Fiske contrasts Equality Matching with a very different system called Market Pricing. . .Market Pricing relies on the mathematics of multiplication, division, fractions, and large numbers, together with the social institutions of money, credit, written contracts, and complex divisions of labor. Market Pricing is absent in hunter-gatherer societies, and we know it play no role in our evolutionary history because it relies on technologies like writing, money, and formal mathematics, which appeared only recently. Even today the exchanges carried out by Market Pricing may involve causal chains that are impossible for any individual to grasp in full.

On p. 276, Pinker offers a long list of things that have become moral issues recently, including “big box” stores, oil drilling, Columbus Day, and IQ tests. He writes,

Many of these things can have harmful consequences, of course, and no one would want them trivialized. The question is whether they are best handled by the psychology of moralization (with its search for villains, elevation of accusers, and mobilization of authority to mete out punishment) or in terms of costs and benefits, prudence and risk, or good and bad taste.

It seems to me that when people adopt the psychology of moralization they become intolerant of deviant behavior. I think that this is a big challenge for libertarians these days.

In a chapter on politics, Pinker adapts Thomas Sowell’s A Conflict of Visions. Pinker re-labels them the Tragic Vision vs. Utopian Vision. p. 287:

In the Tragic Vision, humans are inherently limited in knowledge, wisdom, and virtue, and all social arrangements must acknowledge those limits. . .

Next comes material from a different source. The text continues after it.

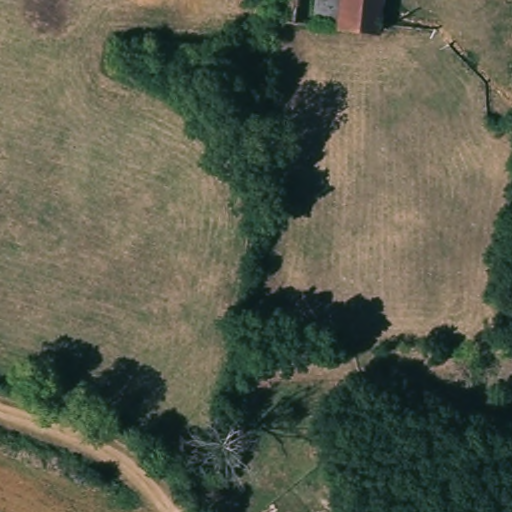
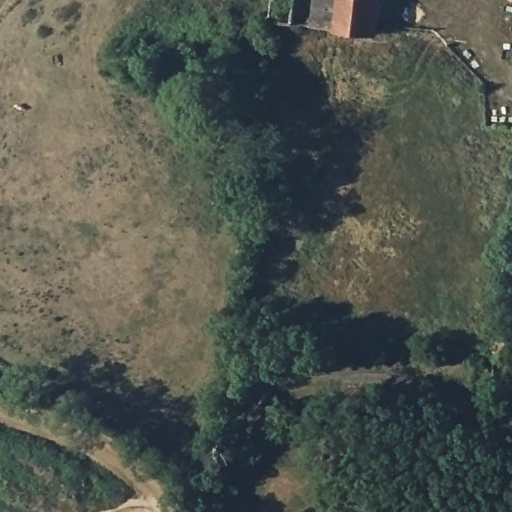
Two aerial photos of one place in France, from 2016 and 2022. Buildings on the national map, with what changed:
unchanged [(294,24),(269,20),(271,0),(297,0),(294,24)]
unchanged [(377,24),(376,32),(320,26),(312,25),(315,0),(380,0),(377,24)]

In the Utopian Vision, psychological limitations are artifacts that come from our social arrangements, and we should not allow them to restrict our gaze from what is possible in a better world.

On p. 290, he quotes Michael Oakeshott on the side of the Tragic Vision. “To try to do something which is inherently impossible is always a corrupting enterprise.” I believe that the quote comes from Rationalism in Politics and other essays.

p. 293-294:

The ideas from evolutionary biology and behavioral genetics that became public in the 1970s could not have been more of an insult to those with the Utopian Vision. . .

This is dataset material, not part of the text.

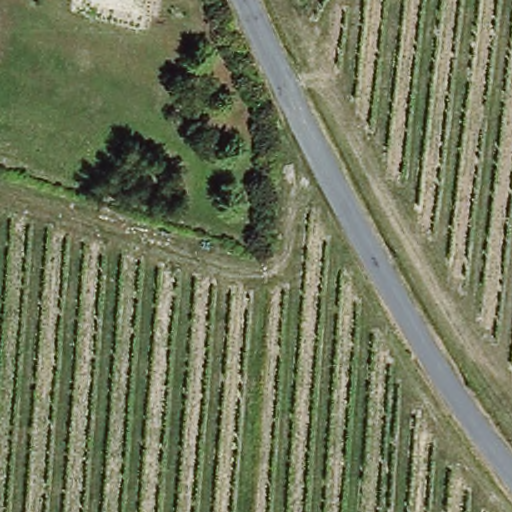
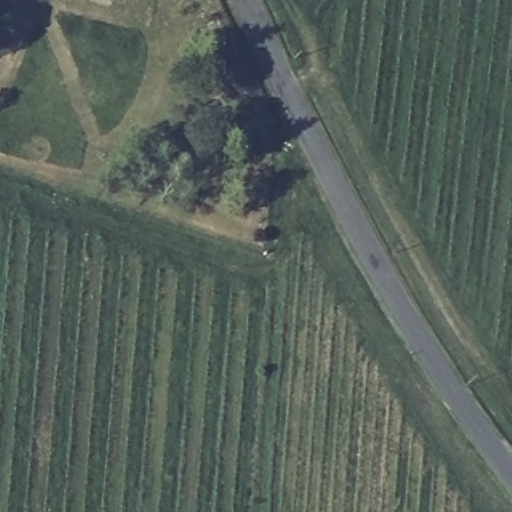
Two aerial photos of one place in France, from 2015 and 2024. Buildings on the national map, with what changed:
[]

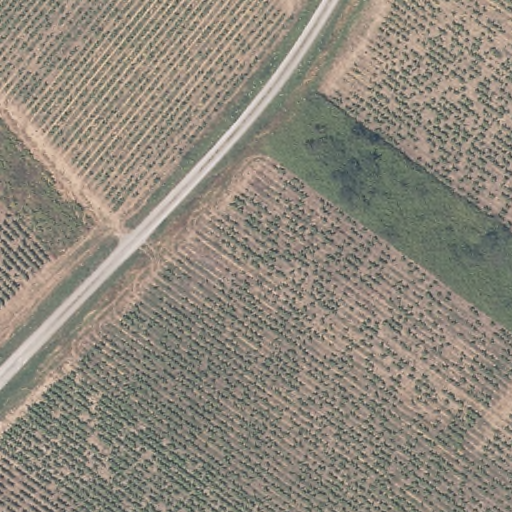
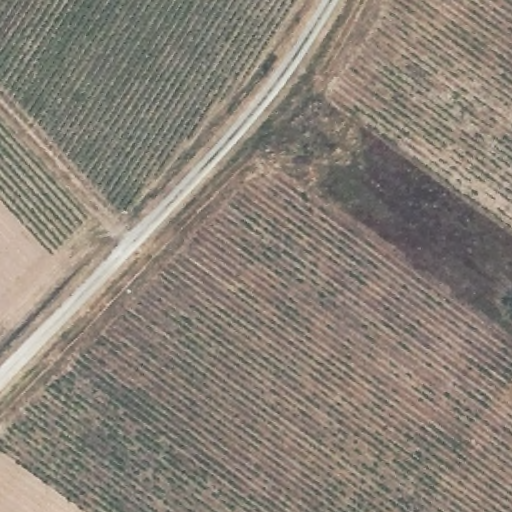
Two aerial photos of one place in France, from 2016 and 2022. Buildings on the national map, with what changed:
[]

My own view is that the new sciences of human nature really do vindicate some version of the Tragic Vision and undermine the Utopian outlook that until recently dominated large segments of intellectual life. . .Among them I would include the following:

  • The primacy of family ties in all human societies and the consequent appeal of nepotism and inheritance
  • The limited scope of communal sharing in groups. . .
  • The universality of dominance and violence across human societies (including supposedly peaceable hunter-gatherers) and the existence of genetic and neurobiological mechanisms that underlie it.
  • The universality of ethnocentrism and other forms of group-against-group hostility across societies, and the ease with which such hostility can be aroused in people within our own society.
  • The partial heritability of intelligence, conscientiousness, and antisocial tendencies, implying that some degree of inequality will arise even in perfectly fair economic systems. . .
  • The prevalence of defense mechanisms, self-serving biases, and cognitive dissonance reduction, by which people deceive themsleves about their autonomy, wisdom, and integrity.
  • The biases of the human moral sense, including a preference for kin and friends, a susceptibility to a taboo mentality, and a tendency to confuse morality with conformity, rank, cleanliness, and beauty.